Is organic food easily found in Dubai?


----------



## Gavtek (Aug 23, 2009)

There's a couple of organic supermarkets, there's a big one in Dubai Mall on the Lower Ground floor.


----------



## glodny_krolik (Dec 31, 2008)

Gavtek said:


> There's a couple of organic supermarkets, there's a big one in Dubai Mall on the Lower Ground floor.


Geant and Carrefour have small sections


----------



## indoMLA (Feb 6, 2011)

If you live in the Greens, there is one there as well. 
However, I don't know if Organic foods are worth it here as I was informed that UAE laws don't allow foods and meats to be injected with chemicals or hormones, but again, I was 'told.'


----------



## Lita_Rulez (Nov 4, 2010)

indoMLA said:


> If you live in the Greens, there is one there as well.
> However, I don't know if Organic foods are worth it here as I was informed that UAE laws don't allow foods and meats to be injected with chemicals or hormones, but again, I was 'told.'


Organic is not only chemicals or hormones.

For instance, this week end, I wanted to buy biscuits for my baby daughter. There were 5 different kinds of specific baby food, and 1 organic. All 5 non organic brands were composed of "cereals, palm oil, sugar" as the 3 main ingredients.

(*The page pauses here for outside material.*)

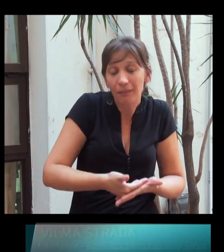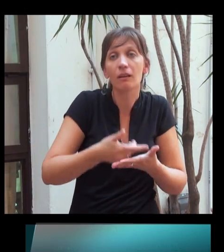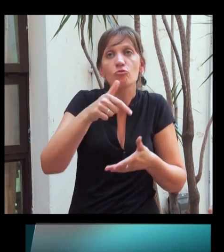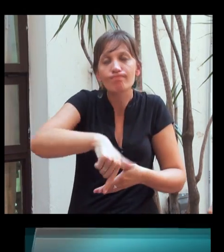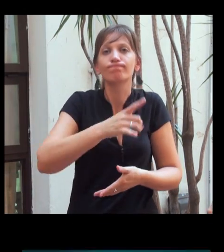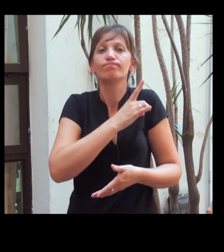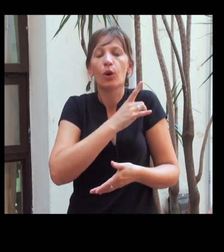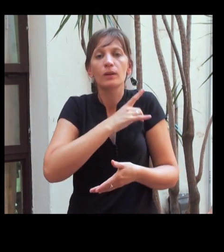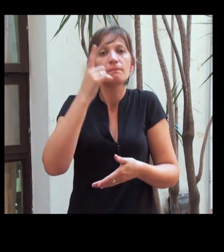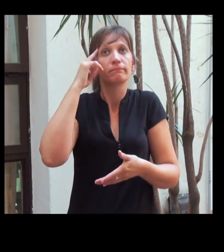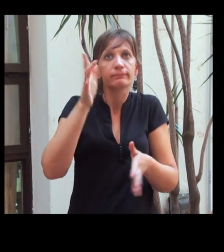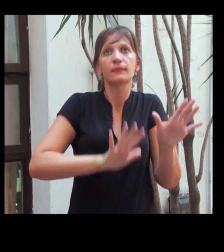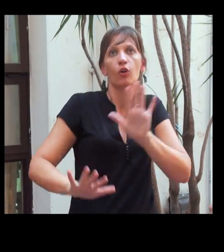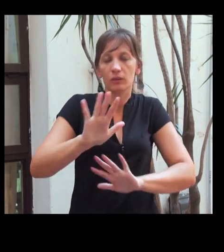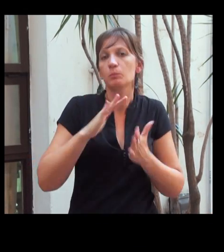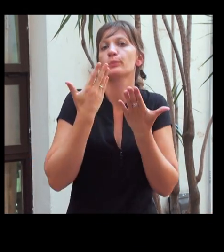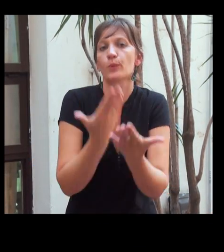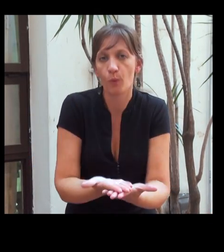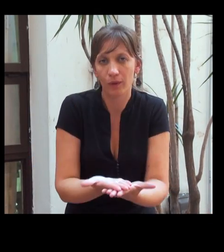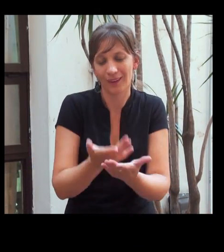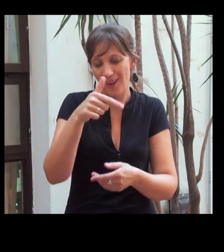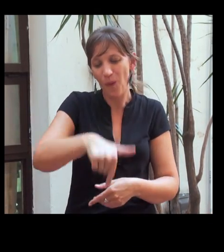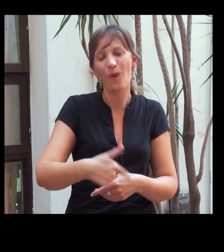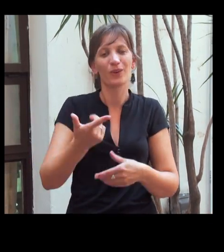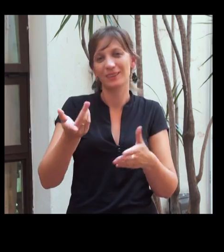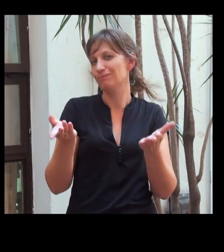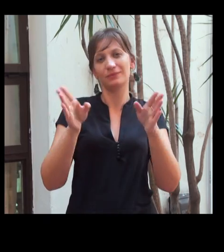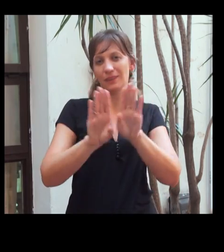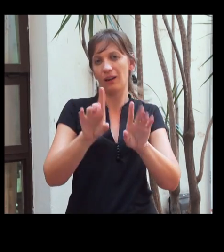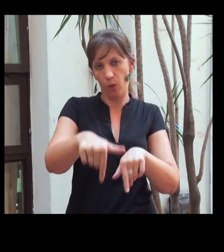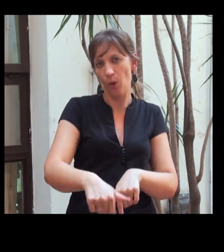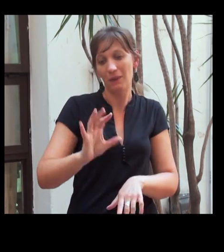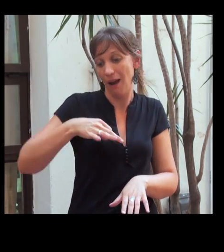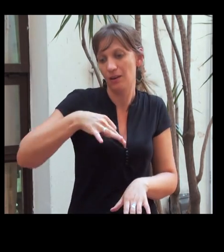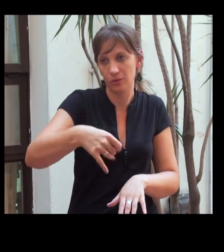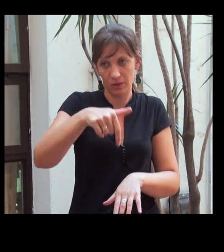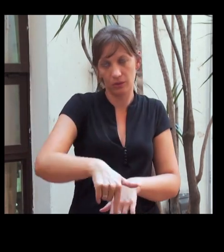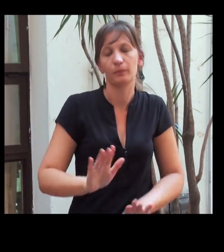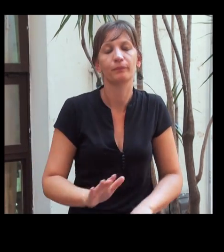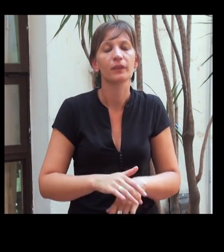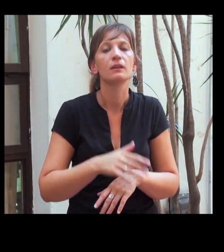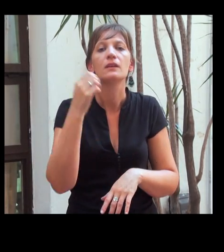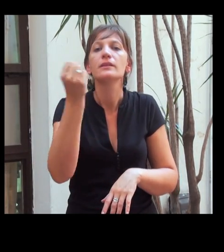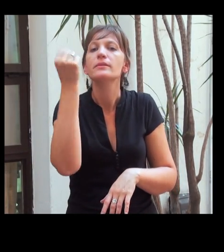la facultad este curso que, bueno, hoy tenemos el cierre de lo que teníamos previsto para este año.

Only the "organic" one contained ingredients I'd want to feed my baby (ie, not the healthiest fat, and no added sugar as the third main component !). Granted, they were 3 times the price of the regular brands. But then again, I don't intend her to get fat on the stuff, just to have one a day around 10 AM if she's hungry...


----------



## ALLAITH (May 19, 2011)

hi
as every one note: all most the mega super markets and carfoors has organic food
also and spicealy in union Coop. this you could find in all the areas in dubai and you could cheak them sit on internet
but i belive you will not find all kind of food, you will find some thing and you will miss some
regards


----------



## VADXB (Jun 4, 2009)

TXTeacher said:


> Is organic food easily found in Dubai?


We buy organic most of the time and the choices, though not as good as what you would get back home, are not very bad. Organic super market in Greens and Dubai mall is a good place to start with and you get 20% discount on 3rd Saturday of every month. With the discount, sometimes the prices are even cheaper than Carrefour!

Geant and waitrose do some organic section though the choices are rather limited.


----------



## Sunset (Jan 24, 2011)

Bumble Box - providing locally produced "organic" food. (I put organic in quotes because I don't know what standards they use to enable them to call the fruits and vegetables organic.)

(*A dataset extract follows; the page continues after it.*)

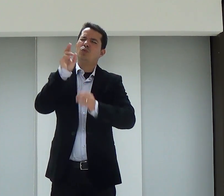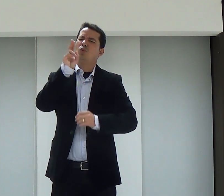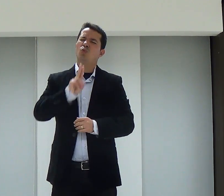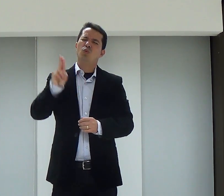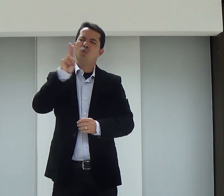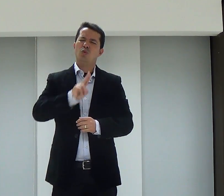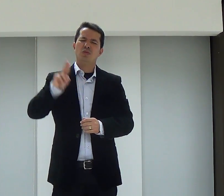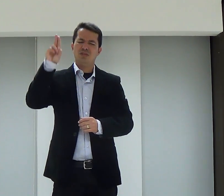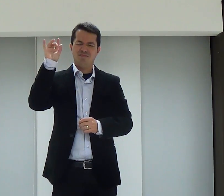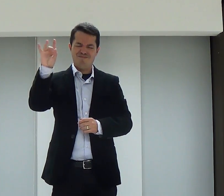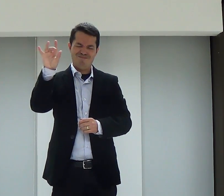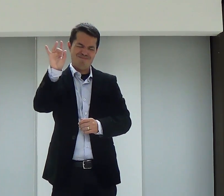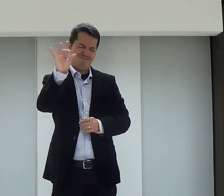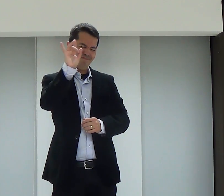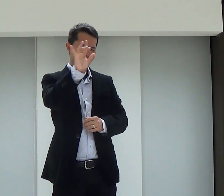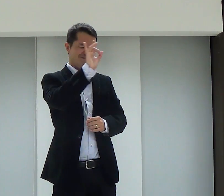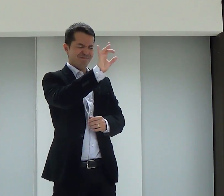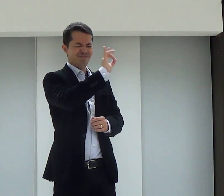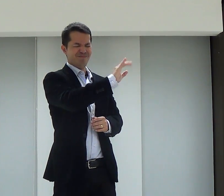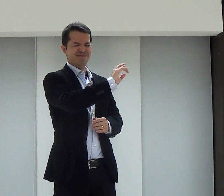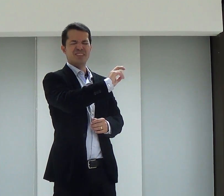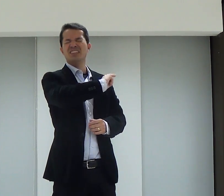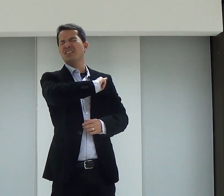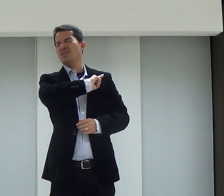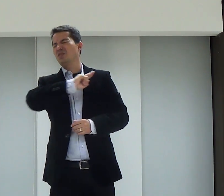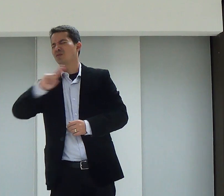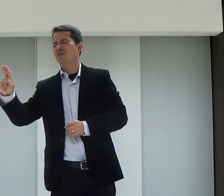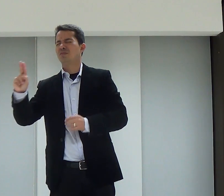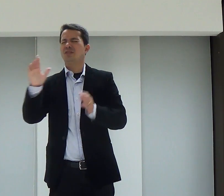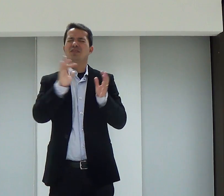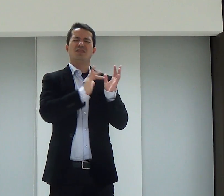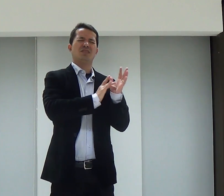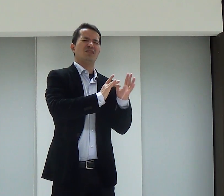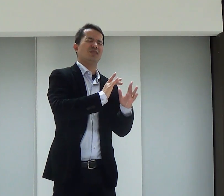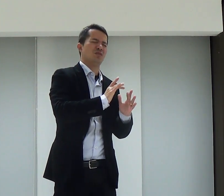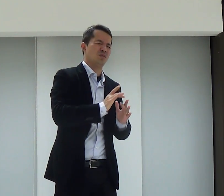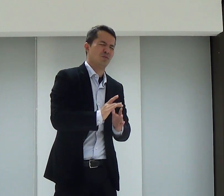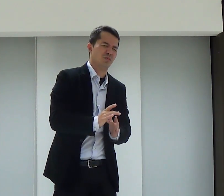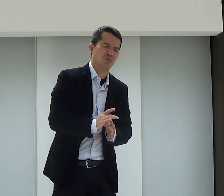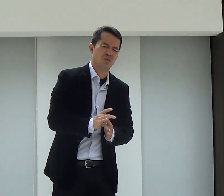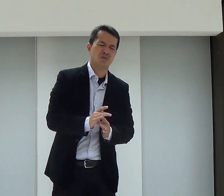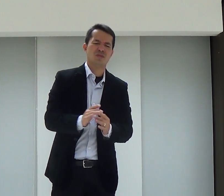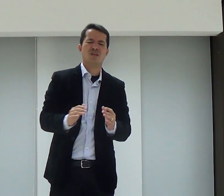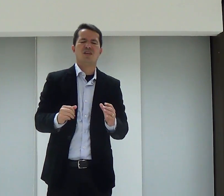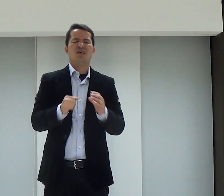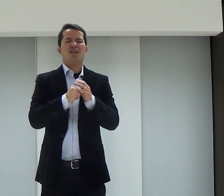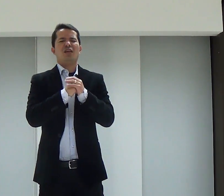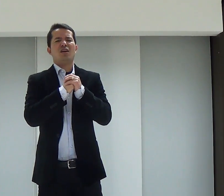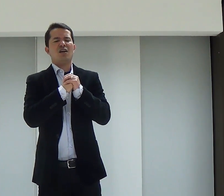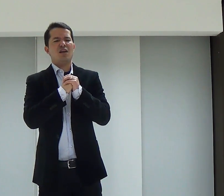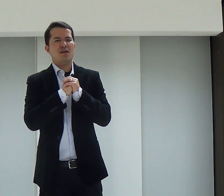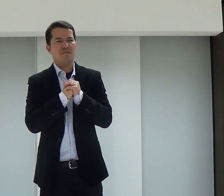Por favor, Senhor, use cada um que está aqui em nome de Jesus. Amém.

The aim is to provide *tasty, fresh, organic and LOCAL* fruit and vegetables at affordable prices.

Bumble Box Market is at the Dubai Garden Centre every Saturday from 9:30am – 1pm where you can meet and chat with the team. There will also be a number of other local food businesses who they deal with and will sell their tasty treats! For families there is a wonderful children’s play area, delicious food and the best coffee in Dubai.

Haven't been there, as I keep forgetting about it!!! They will be closed in August, but when they reopen they will be doing delivery of family boxes. Do a search and you can find out more about them (as I don't think I can post their link.)


----------



## Bigjimbo (Oct 28, 2010)

VADXB said:


> We buy organic most of the time and the choices, though not as good as what you would get back home, are not very bad. Organic super market in Greens and Dubai mall is a good place to start with and you get 20% discount on 3rd Saturday of every month. With the discount, sometimes the prices are even cheaper than Carrefour!
> 
> Geant and waitrose do some organic section though the choices are rather limited.


Tell me more about this discount? What do you need to do to qualify?


----------